> **EXERCISE DIRECTIONS**
When a picture appears in the listing, leave it out and copy the rest exactly as it stands.

Content starts

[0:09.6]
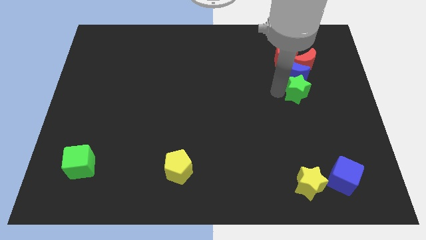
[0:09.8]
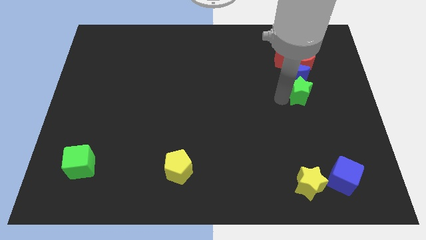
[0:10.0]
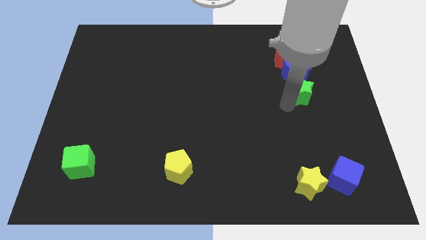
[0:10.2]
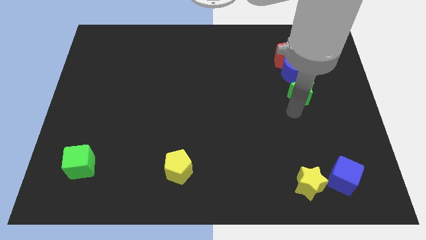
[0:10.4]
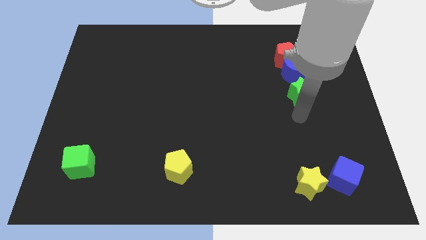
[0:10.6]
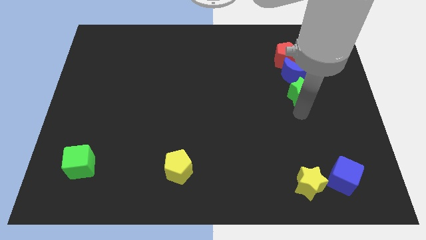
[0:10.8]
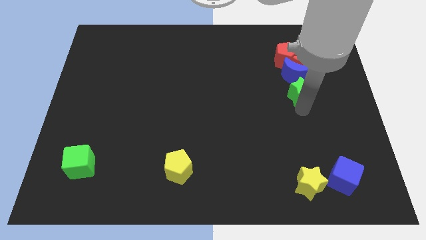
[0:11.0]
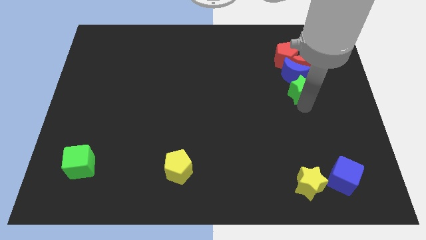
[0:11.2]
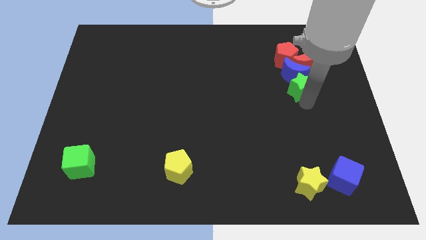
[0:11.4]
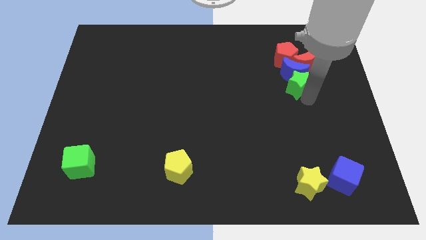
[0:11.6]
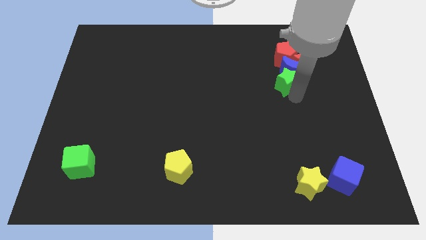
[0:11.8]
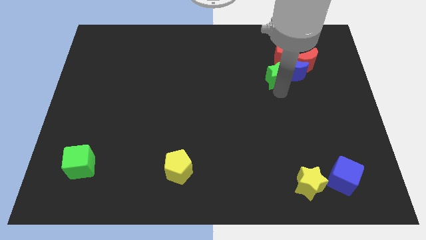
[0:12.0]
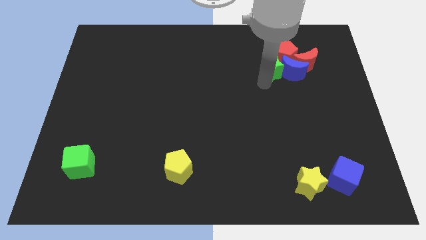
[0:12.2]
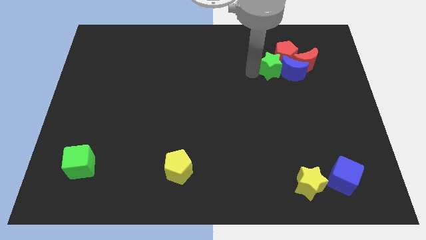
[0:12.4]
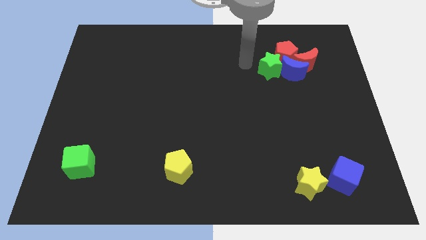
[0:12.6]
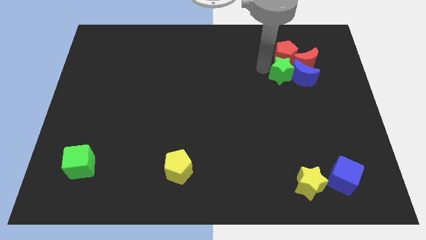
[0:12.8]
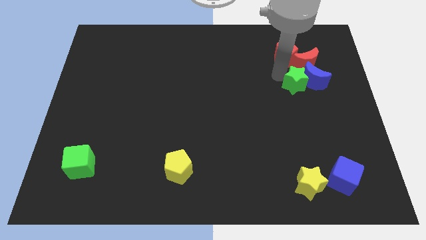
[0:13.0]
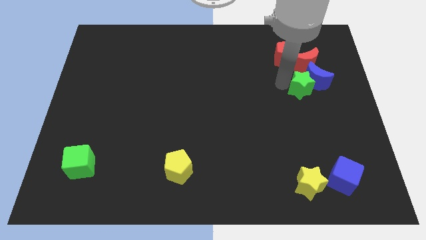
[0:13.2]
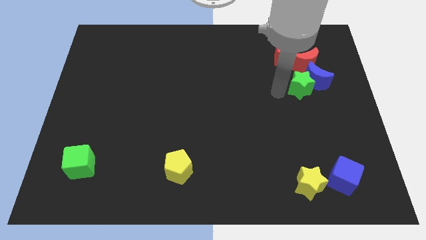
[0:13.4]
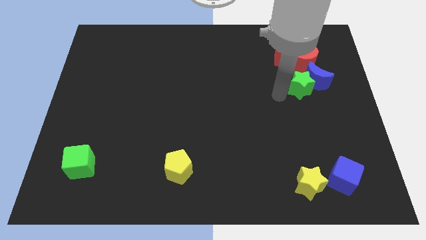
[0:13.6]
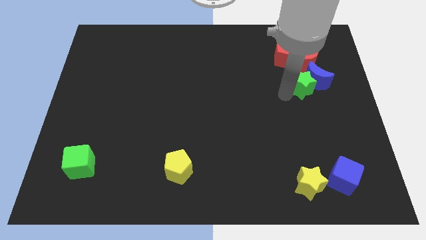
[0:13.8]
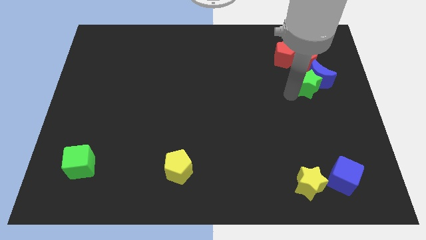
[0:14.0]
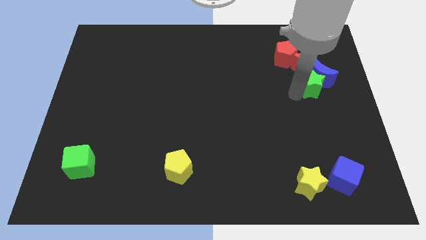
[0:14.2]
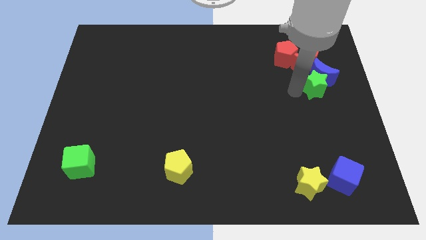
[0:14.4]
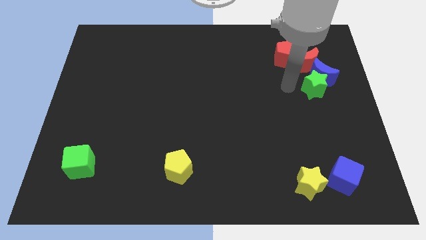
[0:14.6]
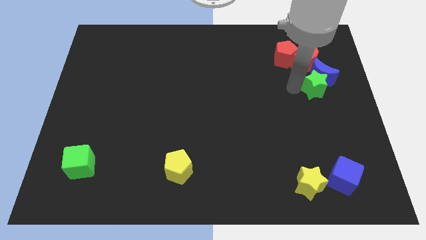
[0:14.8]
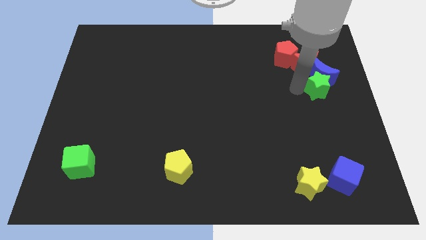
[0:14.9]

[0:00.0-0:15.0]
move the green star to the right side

Content ends

> **ANSWER SPACE**
[0:09.6]
[0:09.8]
[0:10.0]
[0:10.2]
[0:10.4]
[0:10.6]
[0:10.8]
[0:11.0]
[0:11.2]
[0:11.4]
[0:11.6]
[0:11.8]
[0:12.0]
[0:12.2]
[0:12.4]
[0:12.6]
[0:12.8]
[0:13.0]
[0:13.2]
[0:13.4]
[0:13.6]
[0:13.8]
[0:14.0]
[0:14.2]
[0:14.4]
[0:14.6]
[0:14.8]
[0:14.9]

[0:00.0-0:15.0]
move the green star to the right side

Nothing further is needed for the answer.